Georges Washington (7 September 1827 – 1901) was a French Orientalist painter. Most of his works featured soldiers and horses.

== Biography ==
Georges Washington was born out of wedlock in Marseille. His father named him after George Washington, whom he greatly admired. His mother did not officially recognize him as her child until 1868.

Washington's initial studies were with François-Edouard Picot, a history painter. Displeased with his education, he went to visit Algeria for inspiration. His first exhibit at the Salon came in 1857, and he would exhibit there for fifty years. He returned to North Africa in 1879, on commission from two Belgian companies, and toured Morocco. This was followed by a trip through Eastern Europe, via Turkey, and ended with an exhibition in Moscow in 1881. He was greatly influenced by Eugène Fromentin and Eugène Delacroix.

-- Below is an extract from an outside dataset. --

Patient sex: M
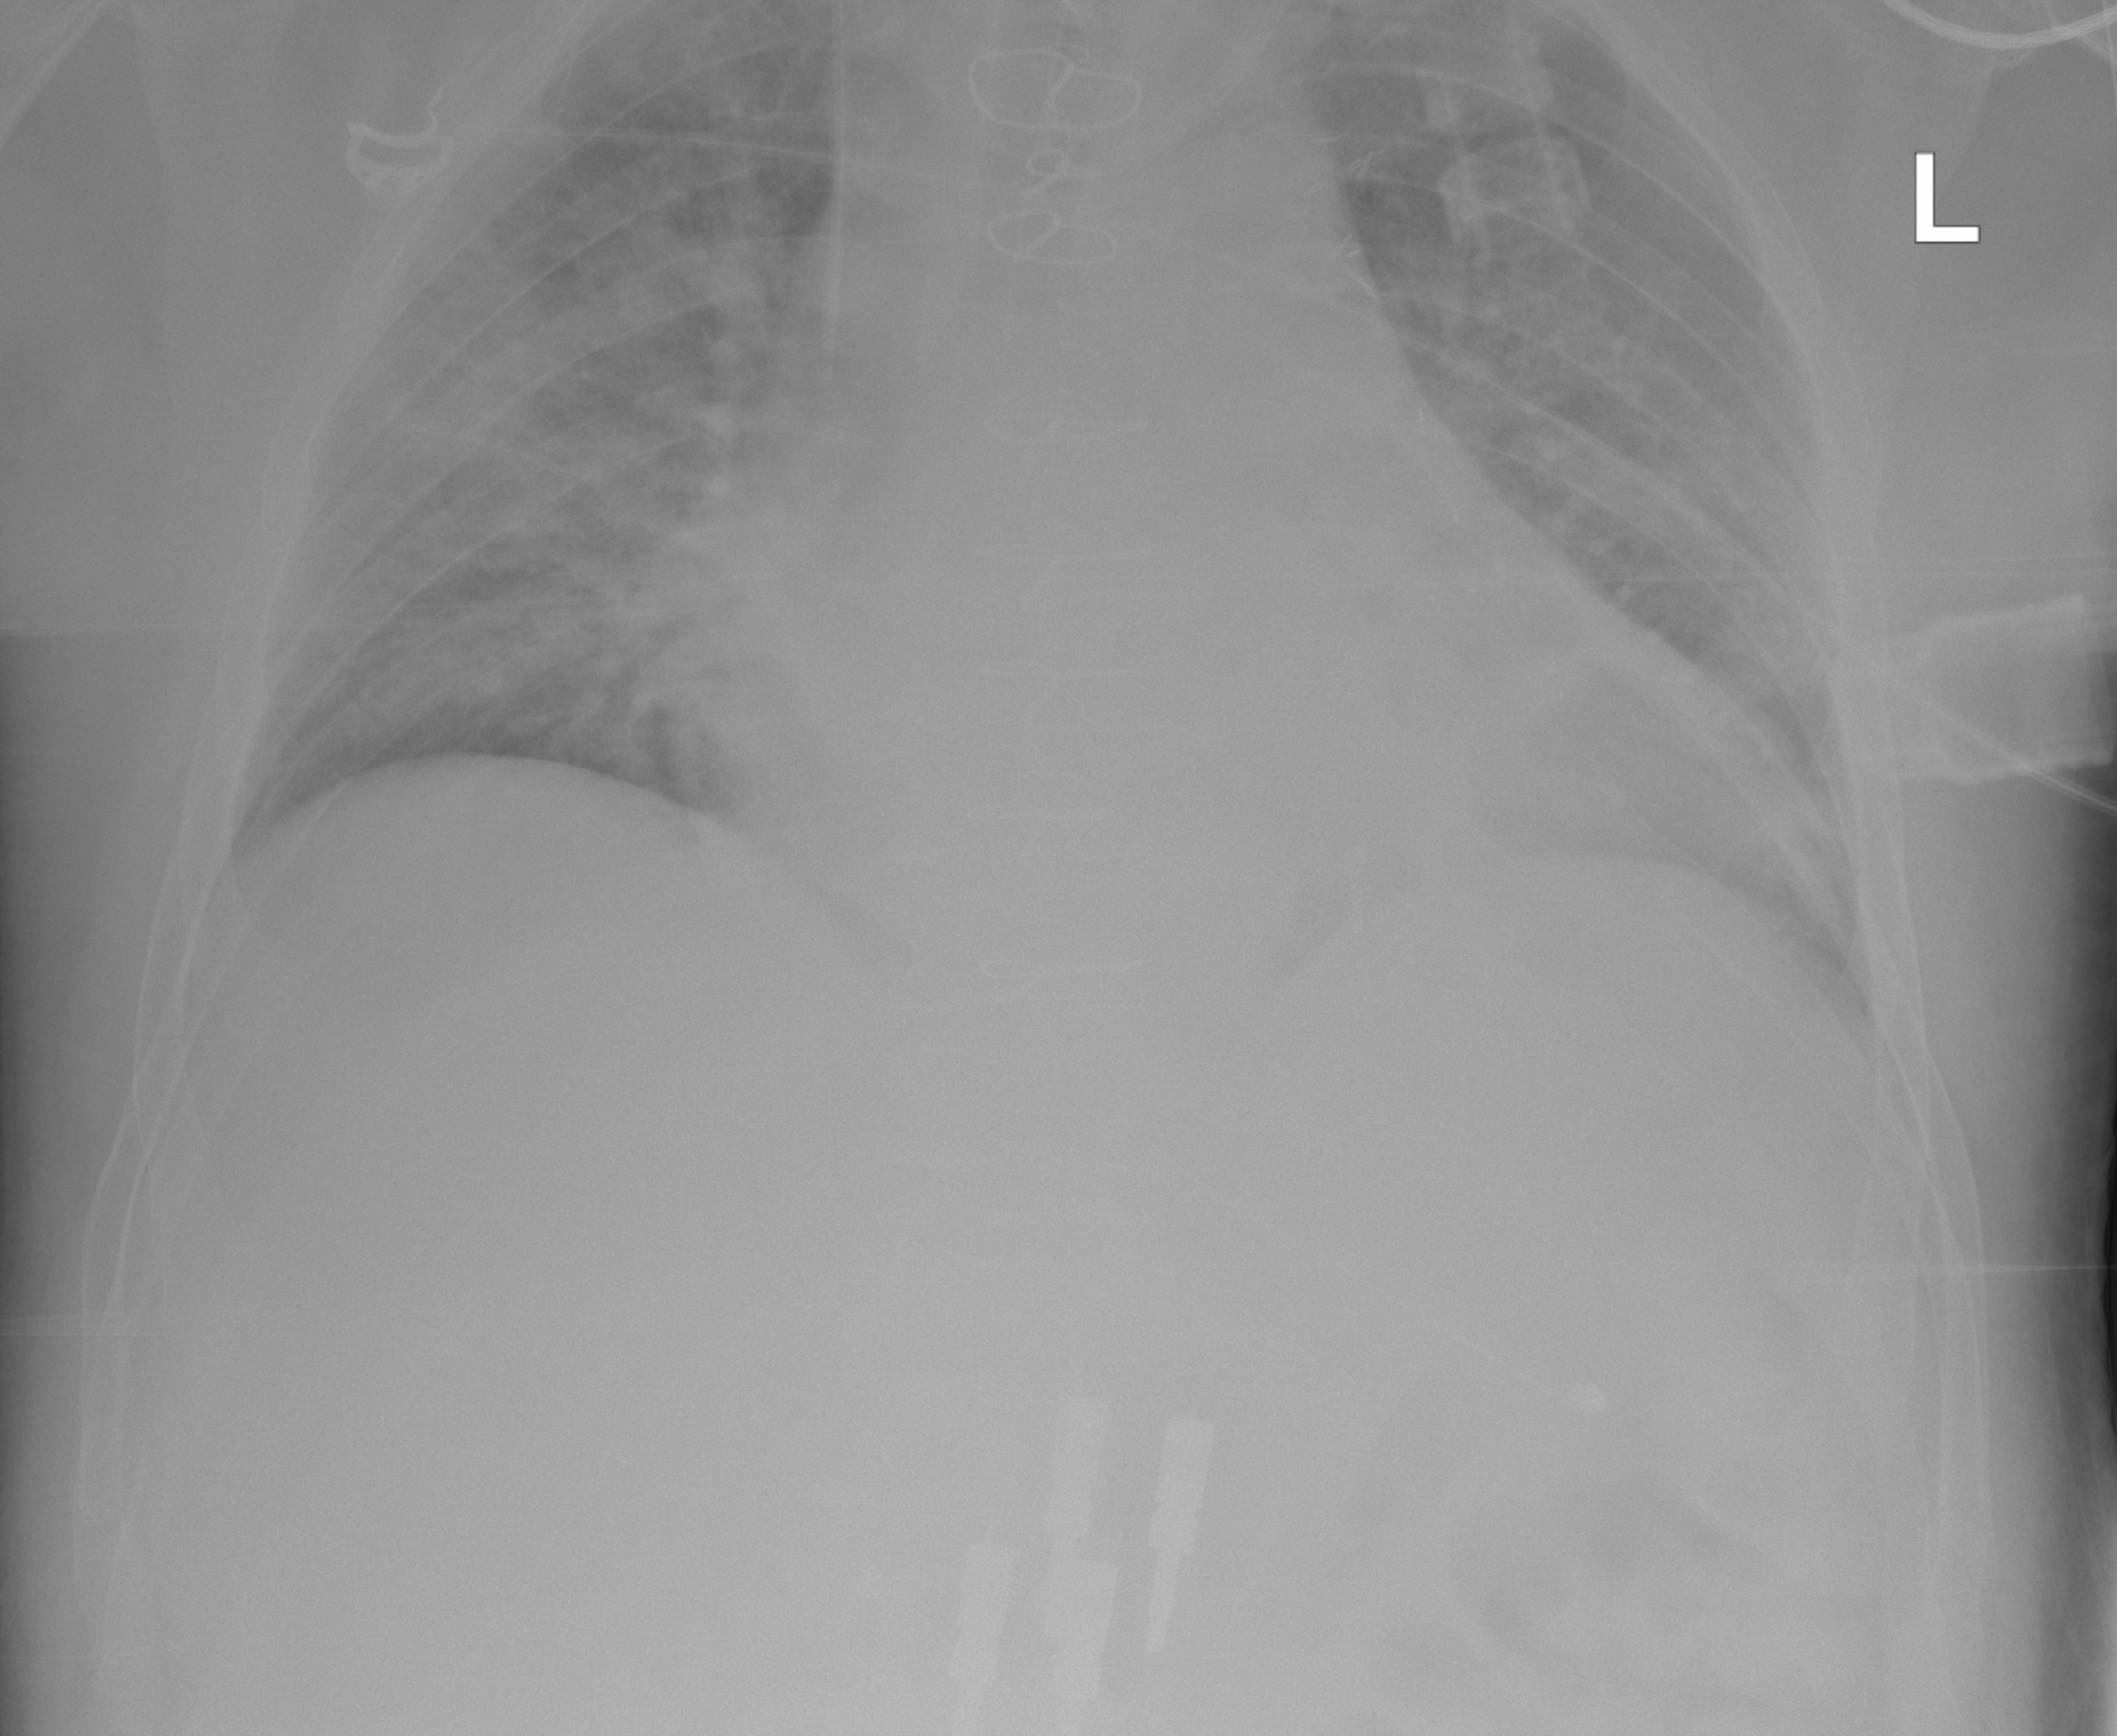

In 1884 Washington's father-in-law, the battle painter Félix Philippoteaux, died and left him a modest apartment in Montmartre. Shortly after, he sold several paintings at the Hôtel Drouot, in an effort to raise money for a farm in Brittany, but he was not successful. He received a new commission that required him to work in New York City, but things did not go well and he returned under difficult financial circumstances. He continued to paint a bit more, at his studio in Montmartre, then retired to Douarnenez to live with his daughter and son-in-law.

Washington's works may be seen at the Musée des Beaux-Arts de Dunkerque, Musée des Beaux-Arts de Limoges , Musée Paul-Valéry in Sète and Dolmabahçe Palace in Istanbul.